Automated vehicle technology is rapidly increasing in capability and the adoption of these technologies will become more widespread in the future. In the intermediate stages of automation where the driver is required to supplement the automated technology, it may be necessary to evaluate the driver’s readiness to take-over a part or of all the dynamic driving task (SAE, 2016). Specifically, while driving with a level 2 or 3 automated driving feature, a challenge may be that drivers with low readiness fail to take over in an appropriate manner.
One important implication of assessing driver readiness is to assess driver state. In this study, we investigated candidate for a driver readiness index which was compared between manual driving (Level 0) and ACC driving (Level 1).

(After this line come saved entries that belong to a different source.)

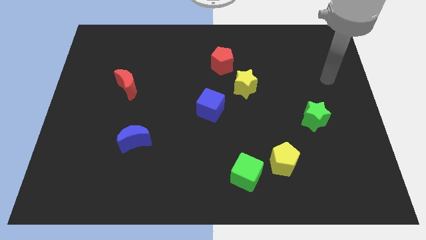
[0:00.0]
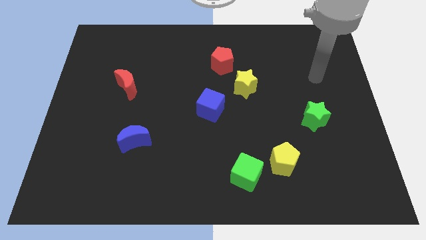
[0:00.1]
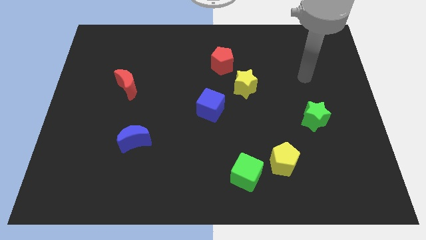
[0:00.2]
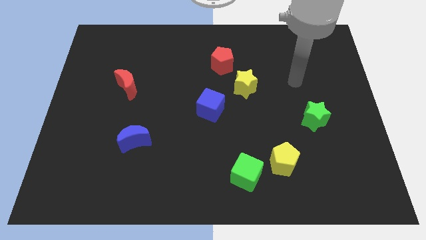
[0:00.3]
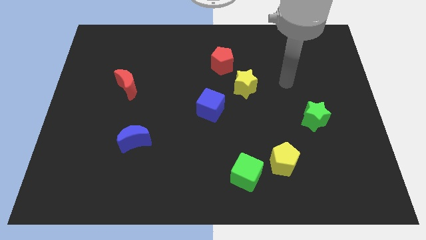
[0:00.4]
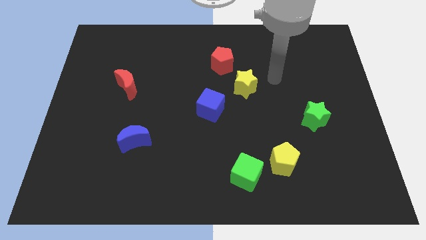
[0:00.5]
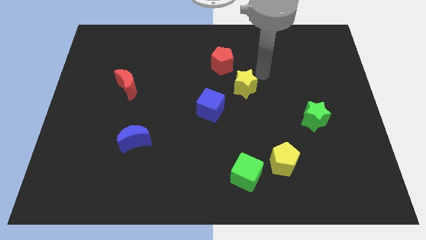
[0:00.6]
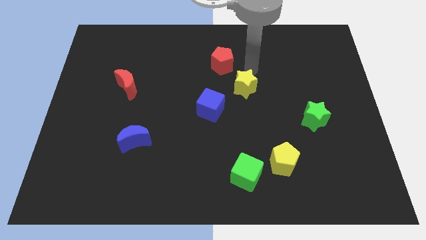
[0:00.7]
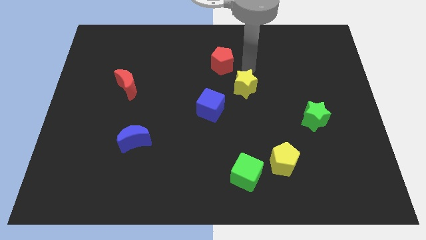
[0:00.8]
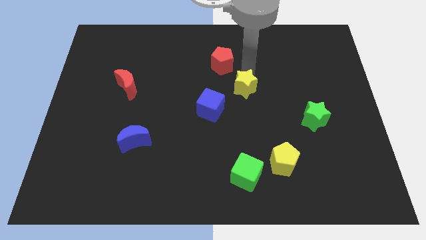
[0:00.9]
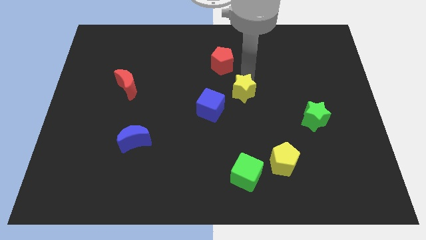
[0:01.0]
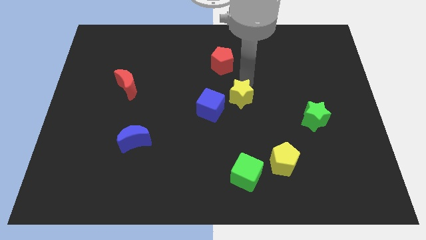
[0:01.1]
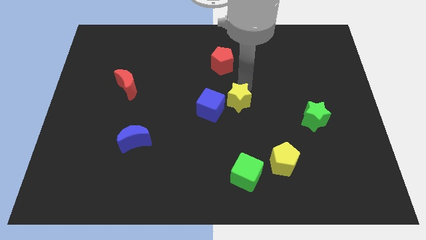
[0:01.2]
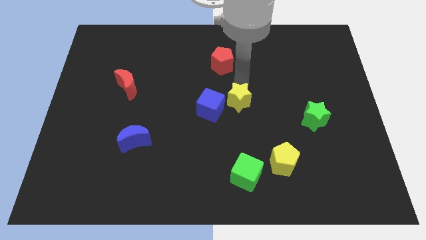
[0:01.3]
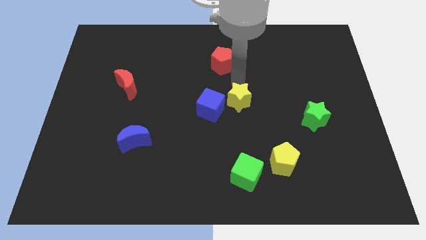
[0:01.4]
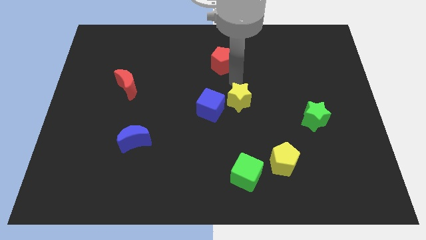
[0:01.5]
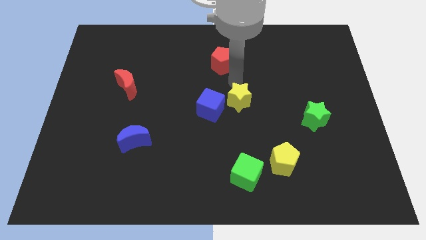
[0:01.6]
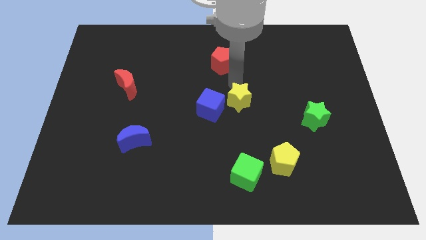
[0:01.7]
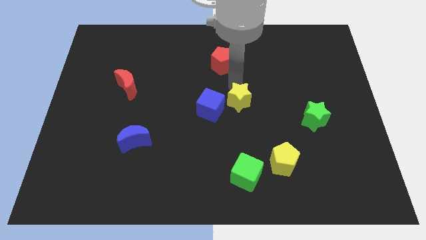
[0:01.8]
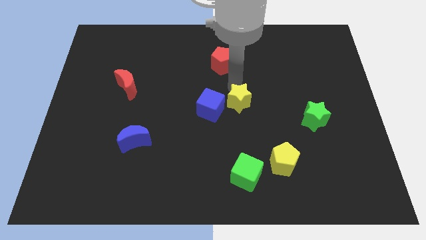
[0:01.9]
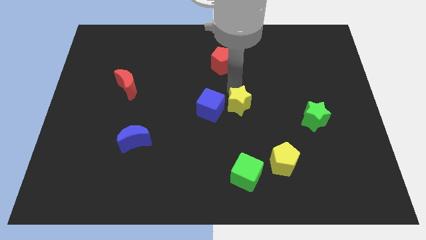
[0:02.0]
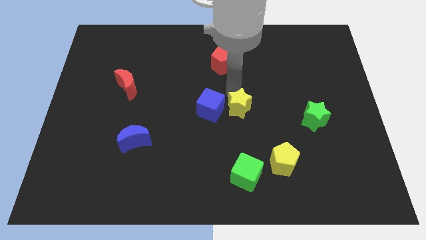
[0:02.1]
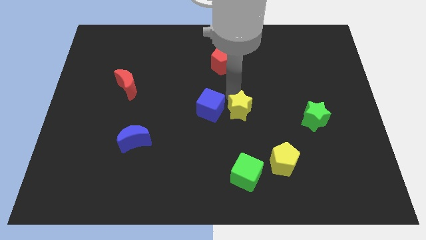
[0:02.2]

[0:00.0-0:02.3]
push the yellow star a little bit down

Additionally, one more method to evaluate the readiness of the driver is to measure whether the driver anticipates potential hazards (i.e., does their foot hover over the brake or throttle). To encourage this type of behavior, vehicles could include a human-machine interface (HMI) that supports the driver to understand where potential hazards exist; however, this would need to be designed to prevent annoyance. The hypothesis for the series of studies was that showing overall traffic status allows the driver to more rapidly prepare for potential hazards when compared with no additional information (i.e., next lane vehicle turn signal). This part of the current study measured driver behavior and traffic data along a designated route in a naturalistic setting. Several traffic scenarios were identified that include overt anticipatory behavior.
In this paper, we had two research questions. One is how to measure driver readiness level. Two is what type of information would be useful for maintaining readiness.